On the northwestern rim of the Anadarko Basin, the Marmaton formation here is a carbonate facies about 6,200 feet deep extending through four counties: Beaver and Texas in Oklahoma, and Lipscomb and Ochiltree in Texas. Chaparral is the third-largest acreage holder, with Unit Corp. and Cabot Oil & Gas the other major operators in the play. Serendipity played a part for Chaparral, as the Marmaton overlies its legacy Morrow position as part of its EOR program.
“It’s very oily,” says Chaparral chief executive Mark Fischer. “Very little gas, which makes for great economics in today’s market.”
Chaparral has one producing Marmaton well to date, a 4,500-foot lateral well in central Beaver County that was fraced in 12 stages. It featured a 30-day IP of 350 barrels of oil per day. After five months online, it is still flowing 100 barrels daily, along with 900 barrels of water. The company expects to have three Marmaton wells producing by year-end.
With EURs estimated at 160,000 barrels of oil and well costs of $4- to $4.5 million, Fischer projects returns will exceed 35%. “Given good performance, we would expect to do substantially more drilling here next year, probably 10 to 15 horizontal wells.”
Natural fracturing creates a unique challenge here, too. “You have a tendency to lose circulation, and potentially dry drill the well throughout the horizontal portion.” Such circumstances can result in the bit sticking in the wellbore, but the first well “came off slick,” he says.
Should the economics hold, Chaparral will develop some of its leasehold, which partially sits on the same acreage above the Morrow CO2 injection zone at 7,800 feet, on 160-acre spacing. “We’ll end up with four wells per section, and 300 wells potentially to drill.
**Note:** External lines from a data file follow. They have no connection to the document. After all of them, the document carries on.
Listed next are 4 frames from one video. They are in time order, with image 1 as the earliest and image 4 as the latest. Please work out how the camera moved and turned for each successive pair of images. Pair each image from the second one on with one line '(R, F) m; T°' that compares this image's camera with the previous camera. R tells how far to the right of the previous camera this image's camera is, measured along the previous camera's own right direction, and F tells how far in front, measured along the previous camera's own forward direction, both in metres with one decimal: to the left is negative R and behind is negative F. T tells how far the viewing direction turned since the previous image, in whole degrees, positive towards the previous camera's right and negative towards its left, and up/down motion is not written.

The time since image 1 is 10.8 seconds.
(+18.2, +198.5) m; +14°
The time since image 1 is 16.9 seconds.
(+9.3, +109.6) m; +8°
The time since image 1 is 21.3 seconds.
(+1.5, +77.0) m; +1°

We’ll be playing that for a long time.”
To a lesser extent, Chaparral is developing a 10,000-acre Granite Wash project in Roger Mills and Washita counties, Oklahoma, and Hemphill County, Texas. Production is generally good, he says, with initial rates showing 4- to 8 MMcf per day of gas, and 400 to 800 barrels of oil per day. It’s most recent well, the Wright 122-2H, recorded flowrates of 10 MMcf per day and 1,000 barrels of oil per day.
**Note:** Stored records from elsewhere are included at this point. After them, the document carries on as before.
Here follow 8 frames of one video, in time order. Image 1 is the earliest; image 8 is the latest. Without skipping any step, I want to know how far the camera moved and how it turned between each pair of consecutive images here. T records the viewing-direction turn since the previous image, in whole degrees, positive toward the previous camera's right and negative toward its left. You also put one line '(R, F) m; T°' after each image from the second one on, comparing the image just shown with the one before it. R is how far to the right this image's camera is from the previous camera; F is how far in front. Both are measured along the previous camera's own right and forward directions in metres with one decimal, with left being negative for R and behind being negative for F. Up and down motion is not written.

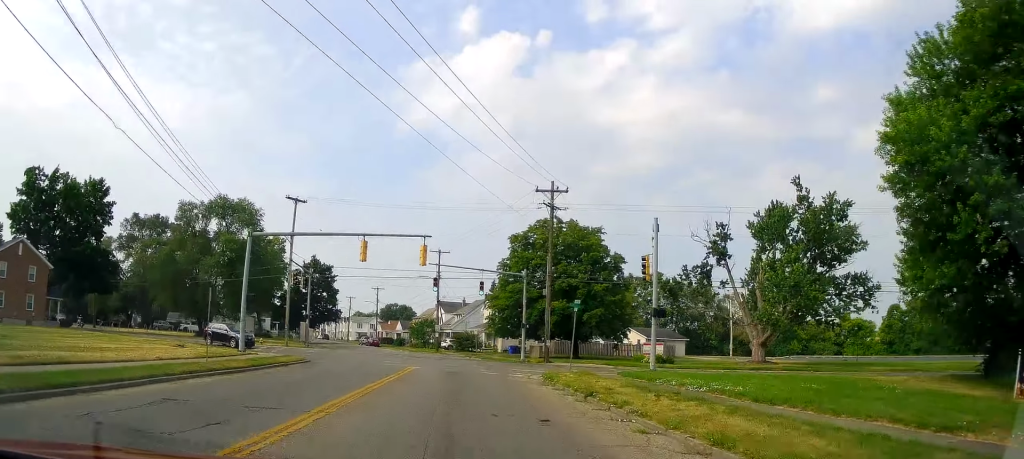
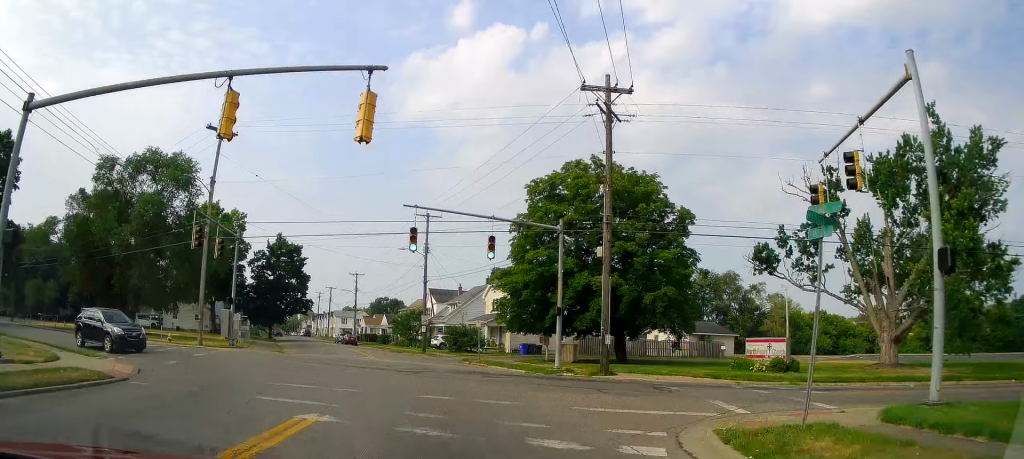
(0.0, +17.1) m; -1°
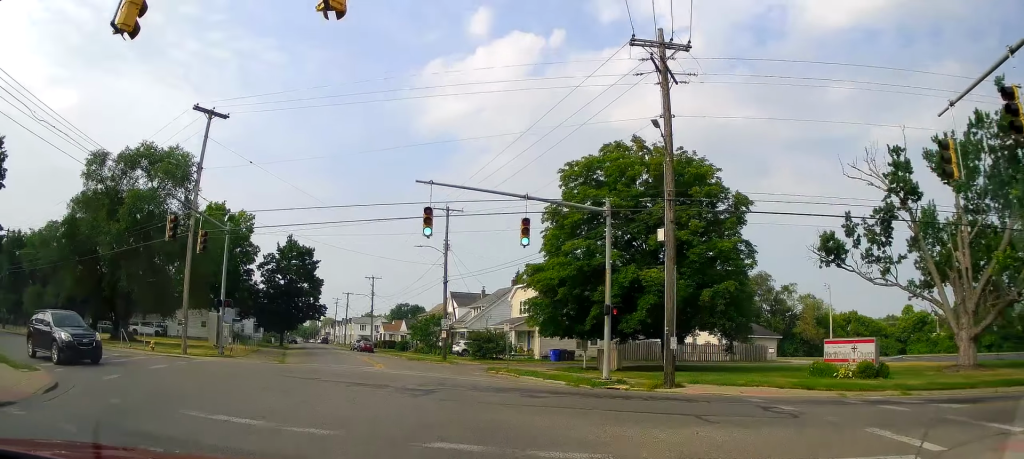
(+0.1, +5.1) m; -2°
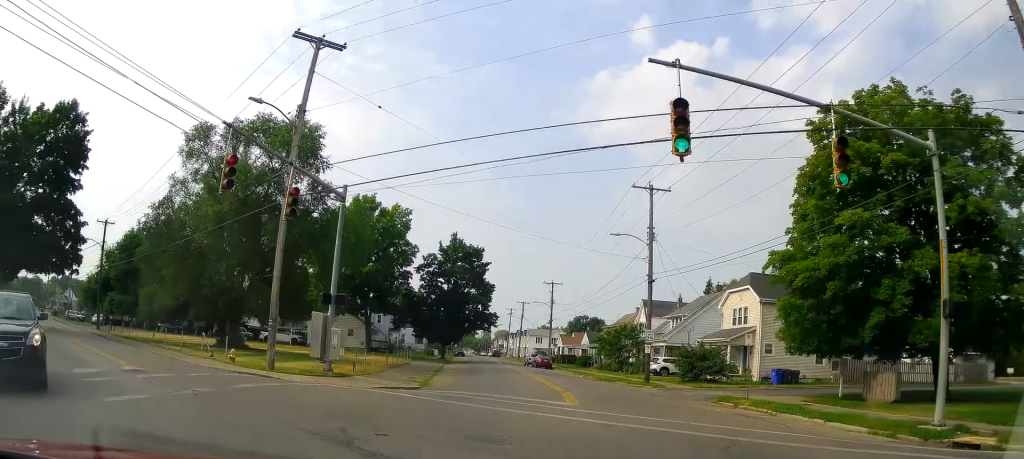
(-0.5, +10.1) m; -13°
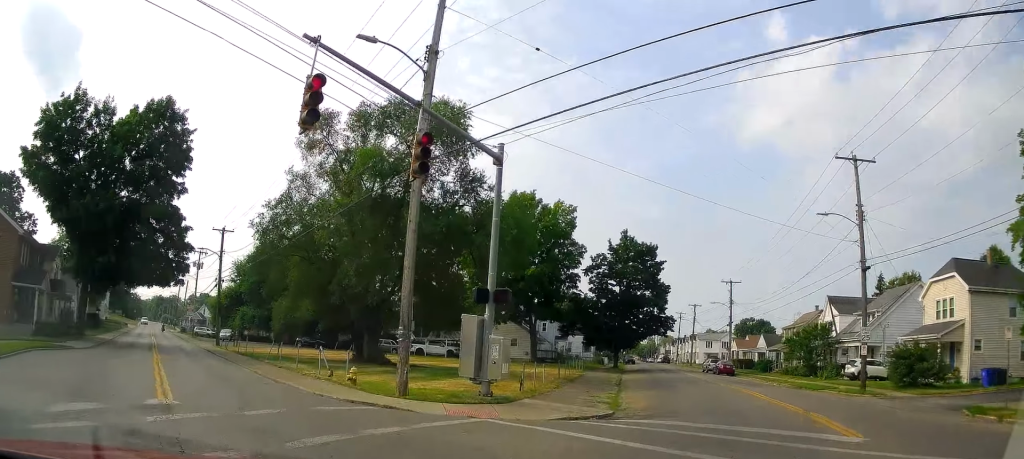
(-0.8, +5.8) m; -13°
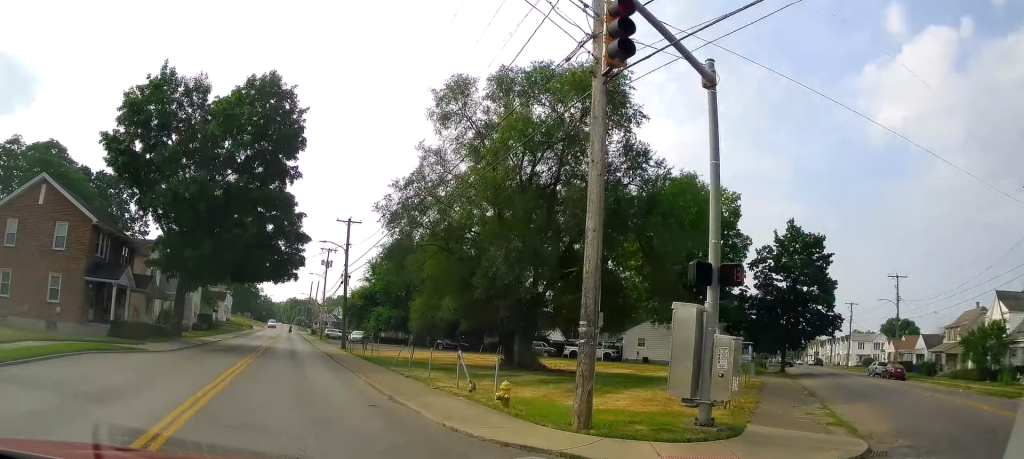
(-0.4, +5.2) m; -12°
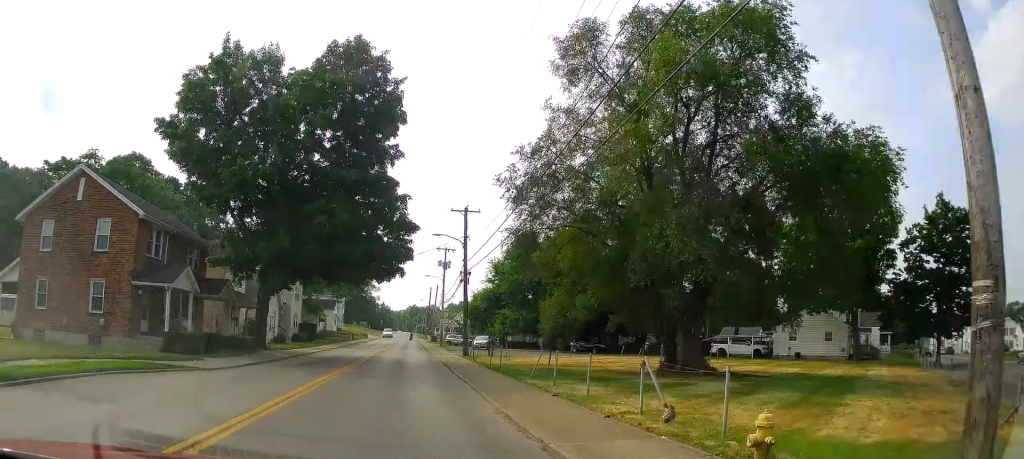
(-0.9, +6.0) m; -11°
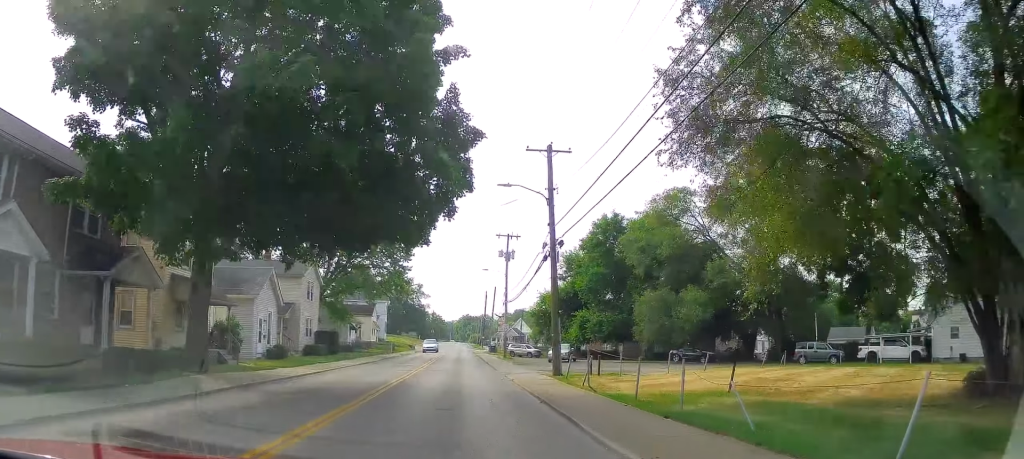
(-1.7, +15.0) m; -7°

Within the Granite Wash interval itself, Fischer counts 13 different pay zones. Chaparral generally targets the “B” zone, and has successfully tested the “C” in two locations. “We have yet to drill a Granite Wash “A” zone well, but you can bet it will be forthcoming.”
Even with current NGL pricing, the Granite Wash still has superior economics due to production volumes, says Fischer, from 45% to 75% rate of returns (RORs) “depending on a lot of things.” A 10-well annual program is planned.
While not currently an operator there, Chaparral is additionally participating in Hogshooter wells in Wheeler and Hemphill counties, Texas. Its initial well, the Davis 64 #6H, averaged 3,500 barrels a day IP with rich associated gas.
“We’re excited about the Hogshooter and think it has real potential,” he says. “Right now, with limited penetrations, you drill a well and within two months you have all kinds of offsets. You’re going to be looking at a 600,000 to 800,000 BOE EUR.”
The economic numbers look good, he says. Although early in the life, “I could tell you 75% to 100% rates of return are achievable, and that feels pretty good.”